Friederichs s’est créé un certain idéal de l’art grec, en prenant cet art à sa meilleure époque; et c’est d’après cet idéal qu’il juge tous les tableaux de Philostrate. Aussitôt qu’il trouve dans une de ses descriptions un détail qui n’y répond pas et qui contredit les principes de l’art tels qu’il les conçoit dans leur pureté et leur intégrité, l’œuvre est condamnée, le tableau n’est pas ouvrage de peintre, mais invention de rhéteur: il n’a pas pu ni dû exister. Telle est la méthode de Friederichs.

On ne peut nier qu’elle n’exige beaucoup de science; malheureusement, elle est fausse et stérile. Et d’abord cette critique dogmatique n’est plus conforme à la doctrine de notre temps; on a reconnu combien elle était étroite, sujette à l’erreur et à l’esprit de système. Ce type, en effet, auquel vous rapportez toutes les œuvres possibles, est-il bien le véritable exemplaire dé la beauté ? D’ailleurs, cette beauté même, n’a-t-elle pas des manifestations diverses, non seulement selon la différence des nations et des siècles, mais aussi, dans la même nation, à différentes époques? Ne voit-on pas que le génie déconcerte à chaque instant les règles et qu’on ne peut, d’après ce qu’il a inventé, prévoir ce qu’il créera un jour?

En supposant que cette méthode fut bonne, est-on certain de posséder le type de l’art grec, de connaître tout ce que cet art a osé, et quelles limites il n’a pas voulu franchir? Les monuments qu’il est permis d’interroger, nombreux sans doute, sont-ils suffisants pour déterminer ses lois avec une sûreté infaillible? Et s’il est à craindre que quelque nouvelle découverte n’amène des cas nouveaux, peut-on être sûr des principes d’après lesquels on juge; peut-on en vertu de ces principes rendre des sentences irrévocables?

Enfin, si l’on admet le type connu avec pieine certitude, on peut à la rigueur déterminer la valeur de l’œuvre en la rapportant au goût du meilleur siècle de l’art; mais quelles inductions est-il possible d’en tirer relativement à son authenticité ? C’est pourtant ce que prétend Friederichs. En effet, de ce qu’une œuvre n’est pas conforme aux principes du grand art, est-ce une raison de conclure qu’elle n’a pas existé ? L’art dans l’antiquité a eu des époques diverses. La période d’Alexandre et de ses successeurs a été la plus brillante; la période romaine est une décadence. Il est à supposer qu’un certain nombre des tableaux décrits par Philostrate appartiennent à des temps où le vrai goût s’était altéré. Jugez de leur valeur, si vous le voulez, d’après les principes qui régissaient l’art alors que le grand goût était florissant, mais ne les condamnez pas comme des œuvres qui n’ont existé que dans l’imagination d’un rhéteur.

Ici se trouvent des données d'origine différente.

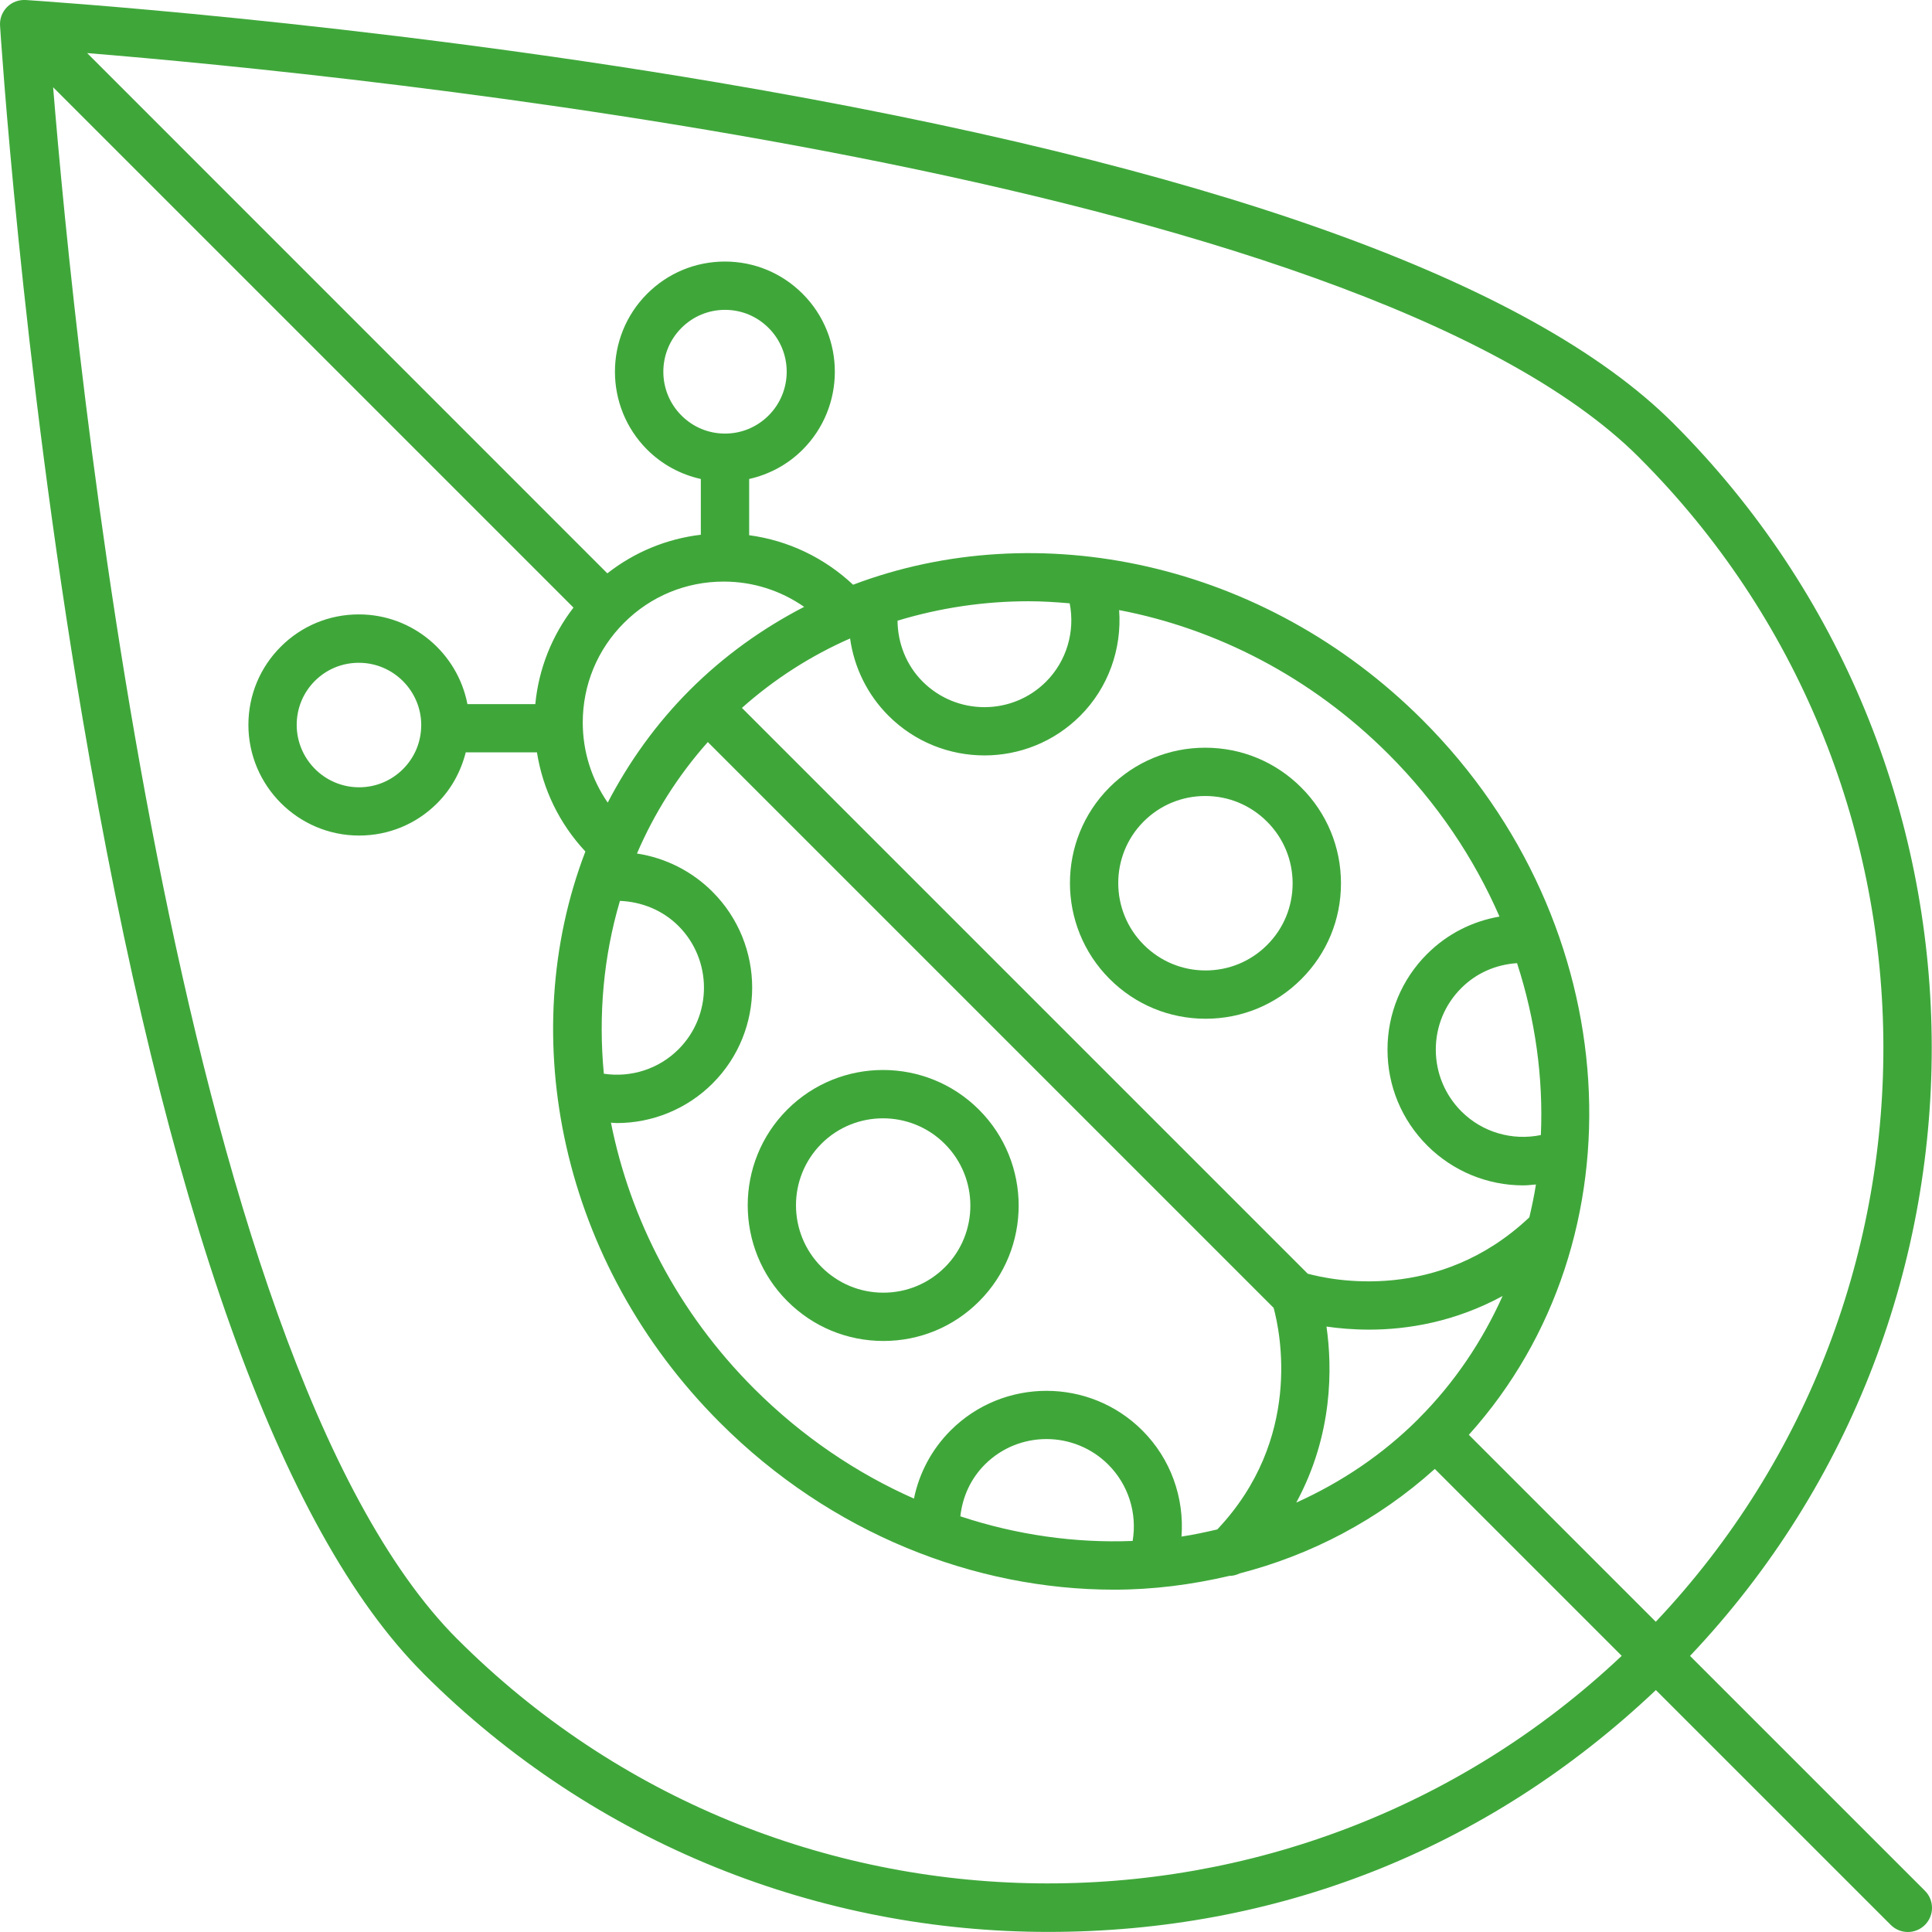 <svg xmlns="http://www.w3.org/2000/svg" id="Laag_2" viewBox="0 0 448 448"><defs><style>.cls-1{fill:#3fa73a;}</style></defs><g id="Laag_1-2"><g><path class="cls-1" d="m182.56,257.29c-12.25,12.25-12.23,32.18.03,44.44,5.94,5.94,13.83,9.21,22.23,9.22h.03c8.38,0,16.27-3.26,22.19-9.19,12.24-12.24,12.23-32.18-.03-44.44-12.27-12.27-32.2-12.27-44.45-.03h0Zm36.55,36.55c-3.81,3.81-8.88,5.91-14.27,5.91h-.02c-5.4,0-10.48-2.11-14.31-5.94-7.9-7.89-7.91-20.72-.03-28.6,3.93-3.93,9.1-5.89,14.27-5.89s10.38,1.97,14.33,5.93c7.9,7.89,7.91,20.72.03,28.6h0Z"></path><path class="cls-1" d="m279.5,173.38h-.03c-8.38,0-16.27,3.26-22.19,9.19-12.25,12.25-12.23,32.18.03,44.44,5.94,5.94,13.83,9.21,22.23,9.22h.03c8.38,0,16.27-3.26,22.19-9.19,5.93-5.93,9.2-13.82,9.19-22.22,0-8.39-3.28-16.29-9.22-22.22-5.94-5.94-13.83-9.21-22.23-9.22h0Zm14.33,45.74c-3.81,3.81-8.88,5.91-14.27,5.91h-.02c-5.4,0-10.48-2.11-14.31-5.94-7.89-7.89-7.9-20.72-.03-28.6,3.81-3.81,8.88-5.91,14.27-5.91h.02c5.4,0,10.48,2.11,14.31,5.94,3.83,3.82,5.93,8.9,5.94,14.3,0,5.41-2.09,10.48-5.91,14.3h0Z"></path><path class="cls-1" d="m98.16,388.04c39.96,39.96,92.45,59.94,144.94,59.94s101.45-18.73,140.87-56.08l54.47,54.46c1.09,1.09,2.53,1.64,3.96,1.64s2.87-.55,3.96-1.64c2.19-2.19,2.19-5.73,0-7.92l-54.47-54.46c75.98-80.2,74.73-207.23-3.86-285.81-33.12-33.13-107.64-59.71-221.46-79.02C82.37,4.86,6.69.06,5.94,0c-1.6-.08-3.17.49-4.3,1.63C.5,2.77-.09,4.34.01,5.94c.05.75,4.85,76.43,19.14,160.63,19.3,113.83,45.88,188.34,79.02,221.46h0Zm7.92-7.92C40.4,314.44,17.32,81.57,12.32,20.23l120.66,120.66c-4.99,6.5-8.07,14.19-8.85,22.38h-15.74c-2.29-11.83-12.69-20.79-25.16-20.8h-.03c-6.84,0-13.27,2.66-18.1,7.5-4.84,4.84-7.5,11.28-7.5,18.13.02,14.13,11.52,25.64,25.65,25.65h.02c6.85,0,13.28-2.66,18.11-7.5,3.3-3.3,5.5-7.38,6.62-11.79h16.51c1.36,8.6,5.22,16.54,11.23,22.99-16.43,42.9-5.71,95.52,31.21,132.44,25.7,25.7,59.03,38.73,91.38,38.73,9.07,0,18.02-1.15,26.75-3.2.01,0,.02,0,.04,0,.81,0,1.6-.22,2.34-.57,16.57-4.28,32.07-12.36,45.25-24.23l43.34,43.34c-75.85,71.61-195.76,70.36-269.98-3.86h0Zm62.04-279.58h0c-3.82,0-7.41-1.49-10.11-4.2-5.59-5.59-5.59-14.69,0-20.29,2.7-2.71,6.29-4.2,10.11-4.2h0c3.82,0,7.41,1.49,10.11,4.2,5.59,5.59,5.59,14.69,0,20.29-2.7,2.7-6.29,4.2-10.11,4.2h0Zm-.32,34.32h.03c6.76,0,13.2,2.07,18.64,5.86-9.58,4.95-18.54,11.32-26.49,19.26-7.85,7.85-14.14,16.69-19.06,26.13-3.74-5.42-5.78-11.82-5.79-18.55,0-8.74,3.39-16.96,9.57-23.13,6.16-6.17,14.37-9.57,23.1-9.57h0Zm161.16,194.11c-8.38,8.38-18.02,14.79-28.38,19.46,8.55-15.75,8.37-31.34,7.01-40.82,2.83.41,6.18.71,9.94.71,8.86,0,19.86-1.79,30.9-7.8-4.67,10.38-11.08,20.04-19.48,28.44h0Zm-54.99,27.34c.68-9.03-2.5-18.03-9.07-24.6-12.26-12.27-32.21-12.25-44.45-.03-4.4,4.4-7.3,9.87-8.52,15.82-13.34-5.9-25.97-14.42-37.07-25.5-17.74-17.74-28.77-39.44-33.19-61.67.46.02.91.09,1.36.09,8.22,0,16.25-3.23,22.21-9.19,12.25-12.25,12.23-32.18-.03-44.45-4.79-4.79-10.93-7.86-17.51-8.86,4-9.32,9.47-18.02,16.43-25.85l131.2,131.2c1.56,5.72,6.7,30.47-13.06,51.38-2.75.64-5.51,1.24-8.31,1.66h0Zm-11.34,1.01c-13.28.53-26.83-1.37-39.94-5.71.5-4.54,2.41-8.74,5.69-12.02,7.88-7.87,20.71-7.86,28.61.03,4.68,4.68,6.73,11.28,5.65,17.7h0Zm-118.88-148.42c5.06.2,9.93,2.18,13.56,5.8,7.89,7.89,7.91,20.73.03,28.61-4.57,4.57-11,6.62-17.32,5.67-1.29-13.64-.07-27.23,3.73-40.07h0Zm213.55,54.3c-6.63,1.36-13.56-.62-18.42-5.48-3.82-3.83-5.93-8.91-5.94-14.31s2.09-10.47,5.91-14.29c3.5-3.5,8.05-5.46,12.93-5.78,4.25,13.09,6.11,26.62,5.52,39.86h0Zm-26.37-42c-5.93,5.93-9.2,13.82-9.19,22.21,0,8.39,3.28,16.29,9.22,22.23,5.99,5.99,14.02,9.23,22.24,9.23.98,0,1.97-.12,2.96-.21-.4,2.57-.94,5.1-1.53,7.62-21.01,19.86-45.82,14.59-51.39,13.07l-131.2-131.2c7.61-6.77,16.05-12.13,25.08-16.1.94,6.73,4.02,13.04,8.91,17.92,6.14,6.14,14.2,9.2,22.25,9.2s16.07-3.06,22.19-9.17c6.53-6.52,9.7-15.52,9.04-24.53,22.51,4.3,44.5,15.46,62.46,33.41,11.25,11.25,19.83,24.1,25.74,37.66-6.32,1.09-12.14,4.03-16.78,8.67h0Zm-82.89-81.31c1.29,6.58-.71,13.41-5.49,18.19-7.88,7.88-20.71,7.86-28.6-.03-3.77-3.77-5.77-8.85-5.83-14.12,9.78-2.97,20.01-4.51,30.38-4.51,3.17,0,6.35.2,9.54.48h0Zm-150.37,28.25c0,3.86-1.5,7.48-4.22,10.2-2.72,2.72-6.34,4.22-10.19,4.22h0c-7.96,0-14.45-6.5-14.46-14.46,0-3.86,1.49-7.48,4.21-10.2,2.72-2.72,6.33-4.21,10.18-4.21h.02c7.97,0,14.46,6.49,14.47,14.46h0Zm282.42-62.05c74.23,74.22,75.47,194.14,3.86,269.97l-43.35-43.35c40.81-45.34,36.6-118.43-10.73-165.75-36.8-36.8-89.23-47.58-132.05-31.37-6.72-6.3-15.08-10.27-24.1-11.48v-13.04c4.65-1.05,8.95-3.34,12.41-6.81,9.94-9.96,9.94-26.16,0-36.12-4.82-4.83-11.22-7.49-18.04-7.49h0c-6.81,0-13.22,2.66-18.04,7.48-9.94,9.96-9.94,26.16,0,36.12,3.47,3.47,7.79,5.78,12.46,6.82v12.93c-7.94.94-15.38,4.02-21.68,8.95L20.21,12.31c61.32,5,294.19,28.08,359.88,93.77h0Z"></path></g></g></svg>

Cette critique n’est pas seulement vicieuse par la méthode; elle est inintelligente. Rien de plus mesquin et de plus étroit qu’elle. Elle prend tout au pied de la lettre: c’est une fâcheuse interprète d’une œuvre poétique. Malheur au mot un peu osé, au terme métaphorique! Elle s’acharne sur ce mot, le discute et le condamne; tout ce qui est goût et sentiment lui est étranger. Elle a encore le défaut d’être passionnée; elle a un parti pris contre Philostrate; ce n’est plus un jugement, c’est un réquisitoire âpre et violent. Le critique accuse et dénonce le coupable devant le tribunal des érudits: c’est un véritable faussaire. Ces tableaux qu’il prétend décrire, qu’il donne pour vrais, ne sont que des créations mensongères.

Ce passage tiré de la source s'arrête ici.